╭─ MATERIAL PROVIDED

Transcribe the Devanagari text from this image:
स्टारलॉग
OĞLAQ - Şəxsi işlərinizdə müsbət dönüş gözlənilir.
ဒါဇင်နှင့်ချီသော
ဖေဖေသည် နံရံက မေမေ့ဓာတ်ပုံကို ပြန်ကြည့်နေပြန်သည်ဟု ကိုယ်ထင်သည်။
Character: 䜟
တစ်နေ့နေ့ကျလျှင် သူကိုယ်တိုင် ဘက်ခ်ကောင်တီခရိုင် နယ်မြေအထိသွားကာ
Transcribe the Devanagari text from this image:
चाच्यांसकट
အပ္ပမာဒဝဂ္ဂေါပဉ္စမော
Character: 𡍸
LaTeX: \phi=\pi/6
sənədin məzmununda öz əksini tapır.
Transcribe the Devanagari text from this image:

╰─

ACTIVITY: What you copy should begin at the line with "Character: 䜟" and end at the final line of the listing, each line exactly as it is.

RESPONSE BELOW:
Character: 䜟
တစ်နေ့နေ့ကျလျှင် သူကိုယ်တိုင် ဘက်ခ်ကောင်တီခရိုင် နယ်မြေအထိသွားကာ
Transcribe the Devanagari text from this image:
चाच्यांसकट
အပ္ပမာဒဝဂ္ဂေါပဉ္စမော
Character: 𡍸
LaTeX: \phi=\pi/6
sənədin məzmununda öz əksini tapır.
Transcribe the Devanagari text from this image:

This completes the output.